Source data
*** Begin section ***
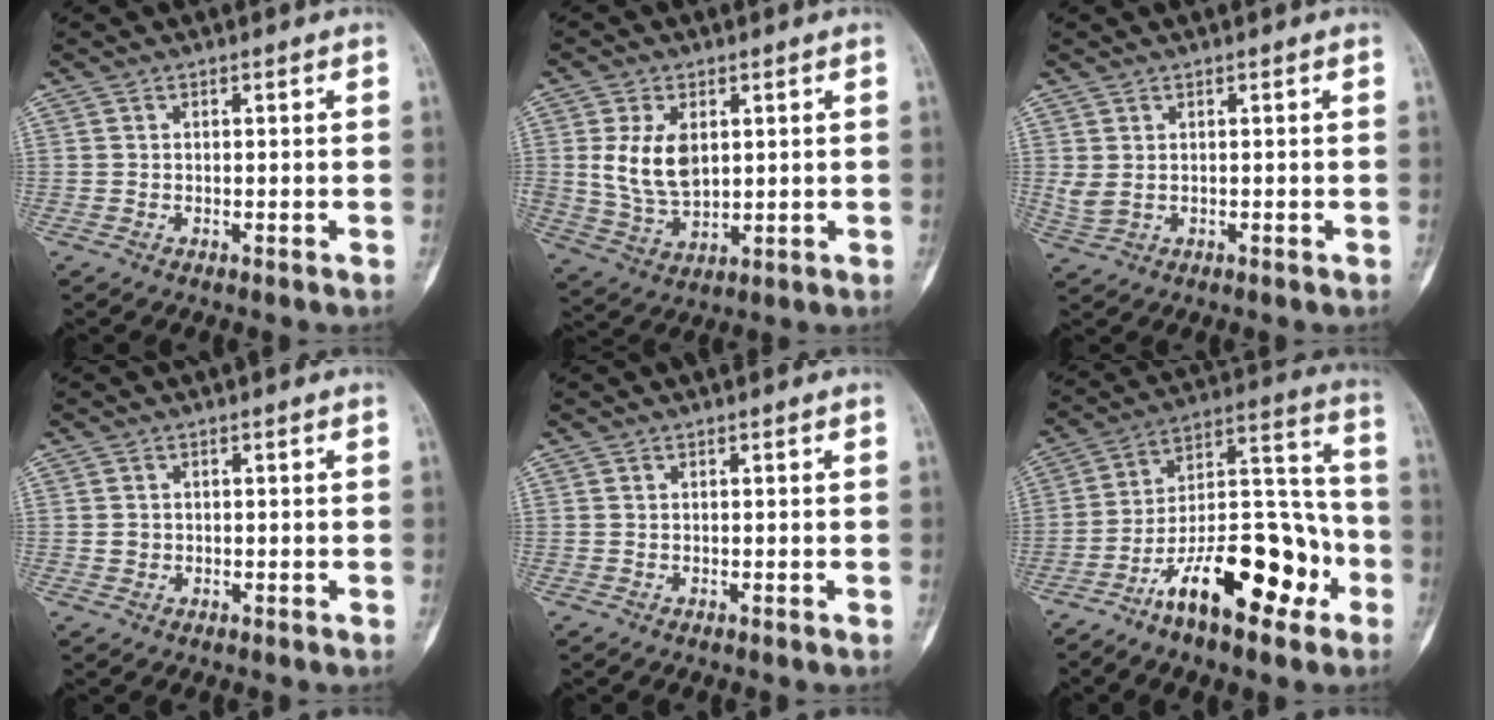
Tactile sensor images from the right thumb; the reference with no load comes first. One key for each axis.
{"total": 9.8, "fx": 1.9, "fy": 6.1, "fz": 7.4, "tx": -0.130, "ty": -0.012, "tz": 0.052}
{"total": 2.7, "fx": 0.2, "fy": 1.7, "fz": 2.0, "tx": -0.048, "ty": 0.002, "tz": 0.012}
{"total": 1.3, "fx": -0.1, "fy": 1.2, "fz": 0.4, "tx": -0.003, "ty": 0.004, "tz": 0.001}
{"total": 0.0}
{"total": 20.8, "fx": -10.0, "fy": 8.7, "fz": 16.1, "tx": -0.235, "ty": 0.087, "tz": -0.165}
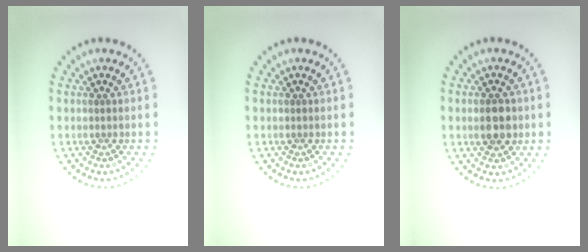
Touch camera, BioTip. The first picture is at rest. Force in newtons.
{"total": 0.0}
{"total": 3.2, "press": 3.2, "slide": 0.2}
*** End section ***
## TASK PROMPT
Repeat the data exactly. Pictures should not appear.

## YOUR SOLUTION
Tactile sensor images from the right thumb; the reference with no load comes first. One key for each axis.
{"total": 9.8, "fx": 1.9, "fy": 6.1, "fz": 7.4, "tx": -0.130, "ty": -0.012, "tz": 0.052}
{"total": 2.7, "fx": 0.2, "fy": 1.7, "fz": 2.0, "tx": -0.048, "ty": 0.002, "tz": 0.012}
{"total": 1.3, "fx": -0.1, "fy": 1.2, "fz": 0.4, "tx": -0.003, "ty": 0.004, "tz": 0.001}
{"total": 0.0}
{"total": 20.8, "fx": -10.0, "fy": 8.7, "fz": 16.1, "tx": -0.235, "ty": 0.087, "tz": -0.165}
Touch camera, BioTip. The first picture is at rest. Force in newtons.
{"total": 0.0}
{"total": 3.2, "press": 3.2, "slide": 0.2}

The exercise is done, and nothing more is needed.